Common Region of Equations:
To find the area enclosed by the common region of the given equations, we need to determine the points of intersection between the two curves.

Determining the Points of Intersection:
We start by equating the two equations:

x^2 + y^2 = 2 ...(1)
2x - 3y = 0 ...(2)

By solving equations (1) and (2) simultaneously, we can find the points of intersection.

Solving the Equations:
From equation (2), we can express x in terms of y:

2x = 3y
x = (3y)/2

Substituting the value of x in equation (1), we get:

((3y)/2)^2 + y^2 = 2
(9y^2)/4 + y^2 = 2
(9y^2 + 4y^2)/4 = 2
13y^2 = 8
y^2 = 8/13
y = ±√(8/13)

Therefore, the points of intersection are (3√(8/13)/2, √(8/13)) and (-3√(8/13)/2, -√(8/13)).

Calculating the Area:
To calculate the area, we need to find the difference between the y-coordinates of the points of intersection and integrate the equation over that range.
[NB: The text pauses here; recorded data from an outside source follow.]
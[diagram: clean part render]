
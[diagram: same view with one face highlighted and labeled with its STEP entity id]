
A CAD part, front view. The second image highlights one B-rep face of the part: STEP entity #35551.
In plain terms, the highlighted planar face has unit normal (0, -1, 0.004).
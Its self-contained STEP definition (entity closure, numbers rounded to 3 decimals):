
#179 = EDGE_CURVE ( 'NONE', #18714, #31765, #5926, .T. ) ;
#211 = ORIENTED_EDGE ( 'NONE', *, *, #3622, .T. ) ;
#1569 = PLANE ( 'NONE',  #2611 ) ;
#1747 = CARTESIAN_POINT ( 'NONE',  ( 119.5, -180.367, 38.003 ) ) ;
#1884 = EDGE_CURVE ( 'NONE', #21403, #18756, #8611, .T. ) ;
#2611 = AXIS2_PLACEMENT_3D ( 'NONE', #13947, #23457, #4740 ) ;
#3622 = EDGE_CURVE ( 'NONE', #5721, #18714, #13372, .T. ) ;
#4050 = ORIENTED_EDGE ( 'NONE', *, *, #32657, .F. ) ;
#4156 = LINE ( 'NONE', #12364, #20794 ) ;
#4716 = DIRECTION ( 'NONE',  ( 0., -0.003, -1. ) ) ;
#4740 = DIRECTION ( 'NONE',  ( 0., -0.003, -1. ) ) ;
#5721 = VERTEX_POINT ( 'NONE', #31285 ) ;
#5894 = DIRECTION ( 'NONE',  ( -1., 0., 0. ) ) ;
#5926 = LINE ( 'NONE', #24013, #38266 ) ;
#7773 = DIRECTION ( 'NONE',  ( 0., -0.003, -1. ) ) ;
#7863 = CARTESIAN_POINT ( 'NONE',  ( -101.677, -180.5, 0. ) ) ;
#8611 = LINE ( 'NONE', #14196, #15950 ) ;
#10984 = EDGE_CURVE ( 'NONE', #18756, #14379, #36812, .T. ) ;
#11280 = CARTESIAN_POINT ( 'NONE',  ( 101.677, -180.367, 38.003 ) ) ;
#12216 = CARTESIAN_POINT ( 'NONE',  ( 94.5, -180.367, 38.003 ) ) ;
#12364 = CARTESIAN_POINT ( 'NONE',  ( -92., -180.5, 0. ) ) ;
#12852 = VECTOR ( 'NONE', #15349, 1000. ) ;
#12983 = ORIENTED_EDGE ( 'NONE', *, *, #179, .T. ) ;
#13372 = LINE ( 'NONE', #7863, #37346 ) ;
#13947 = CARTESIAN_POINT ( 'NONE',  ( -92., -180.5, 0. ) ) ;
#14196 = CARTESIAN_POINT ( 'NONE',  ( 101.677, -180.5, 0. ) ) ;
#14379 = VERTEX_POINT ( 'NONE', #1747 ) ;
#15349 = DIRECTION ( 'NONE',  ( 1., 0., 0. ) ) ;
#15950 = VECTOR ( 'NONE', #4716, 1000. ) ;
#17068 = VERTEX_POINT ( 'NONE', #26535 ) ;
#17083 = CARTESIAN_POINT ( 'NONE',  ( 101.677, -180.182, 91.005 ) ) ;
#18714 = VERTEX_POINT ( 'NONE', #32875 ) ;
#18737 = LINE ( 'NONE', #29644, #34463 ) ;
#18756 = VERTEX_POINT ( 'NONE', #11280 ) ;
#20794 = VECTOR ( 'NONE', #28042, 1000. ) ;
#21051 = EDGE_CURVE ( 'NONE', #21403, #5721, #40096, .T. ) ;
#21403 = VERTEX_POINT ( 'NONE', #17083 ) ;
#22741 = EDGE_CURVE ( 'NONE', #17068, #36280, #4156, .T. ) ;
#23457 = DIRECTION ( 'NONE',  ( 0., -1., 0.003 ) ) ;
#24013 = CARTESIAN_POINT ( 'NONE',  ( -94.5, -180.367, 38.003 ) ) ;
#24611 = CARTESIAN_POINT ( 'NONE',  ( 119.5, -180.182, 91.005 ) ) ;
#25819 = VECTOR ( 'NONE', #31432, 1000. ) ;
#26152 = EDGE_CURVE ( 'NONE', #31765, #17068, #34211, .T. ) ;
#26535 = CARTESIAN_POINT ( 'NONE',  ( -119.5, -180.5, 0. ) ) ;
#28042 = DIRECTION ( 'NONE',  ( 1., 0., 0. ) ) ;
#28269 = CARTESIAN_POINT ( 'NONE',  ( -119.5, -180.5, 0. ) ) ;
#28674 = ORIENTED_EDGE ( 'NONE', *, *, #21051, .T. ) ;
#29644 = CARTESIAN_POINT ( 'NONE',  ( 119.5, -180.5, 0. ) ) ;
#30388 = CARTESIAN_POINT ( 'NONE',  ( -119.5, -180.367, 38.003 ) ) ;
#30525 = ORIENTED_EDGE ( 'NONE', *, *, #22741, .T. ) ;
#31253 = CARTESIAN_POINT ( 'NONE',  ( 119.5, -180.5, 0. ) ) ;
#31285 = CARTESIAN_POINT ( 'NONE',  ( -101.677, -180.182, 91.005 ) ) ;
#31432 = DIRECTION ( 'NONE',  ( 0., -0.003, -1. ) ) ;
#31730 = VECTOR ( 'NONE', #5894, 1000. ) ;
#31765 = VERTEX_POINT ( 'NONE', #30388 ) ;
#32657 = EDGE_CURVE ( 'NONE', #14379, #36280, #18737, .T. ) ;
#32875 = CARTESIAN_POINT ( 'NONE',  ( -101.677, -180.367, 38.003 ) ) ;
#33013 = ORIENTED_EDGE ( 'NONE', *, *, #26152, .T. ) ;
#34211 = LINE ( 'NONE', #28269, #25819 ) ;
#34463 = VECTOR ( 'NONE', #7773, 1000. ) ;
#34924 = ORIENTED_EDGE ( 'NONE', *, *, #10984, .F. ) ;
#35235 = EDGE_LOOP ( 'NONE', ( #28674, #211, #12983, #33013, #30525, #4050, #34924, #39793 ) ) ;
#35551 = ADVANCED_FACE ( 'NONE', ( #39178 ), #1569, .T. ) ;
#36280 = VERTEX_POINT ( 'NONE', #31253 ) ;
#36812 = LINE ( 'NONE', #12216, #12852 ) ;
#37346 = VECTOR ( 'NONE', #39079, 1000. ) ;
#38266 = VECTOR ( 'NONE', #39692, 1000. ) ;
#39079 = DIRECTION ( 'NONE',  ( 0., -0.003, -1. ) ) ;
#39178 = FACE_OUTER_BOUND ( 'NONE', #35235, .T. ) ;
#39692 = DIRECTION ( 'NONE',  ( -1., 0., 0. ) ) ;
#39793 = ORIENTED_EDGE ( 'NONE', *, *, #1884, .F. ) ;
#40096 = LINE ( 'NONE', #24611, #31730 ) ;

Let's integrate equation (2) with respect to x:

∫(2x - 3y) dx = ∫0 dx
x^2 - 3yx = C

Substituting the points of intersection, we get:

(3√(8/13)/2)^2 - 3(√(8/13))(√(8/13)) = C
(9(8/13)/4) - 3(8/13) = C
(9(8/13) - 12(8/13))/4 = C
(72/13 - 96/13)/4 = C
(-24/13)/4 = C
C = -6/13

Thus, the equation becomes:

x^2 - 3yx = -6/13

Calculating the Area Enclosed:
To find the area enclosed, we integrate the equation over the range of y-coordinates from -√(8/13) to √(8/13):

A = ∫[-√(8/13), √(8/13)] (x^2 - 3yx) dy

Simplifying the integral:

A = ∫[-√(8/13), √(8/13)] (-6/13) dy
A = (-6/13) * [y] [-√(8/13), √(8/13)]
A = (-6/13) * (√(8/13) - (-√(8/13)))
A = (-6/13) * 2√(8/13)
A = -12√(8/13)/13

Therefore, the area enclosed by the common region of the given equations is -12√(8/13)/13 square units.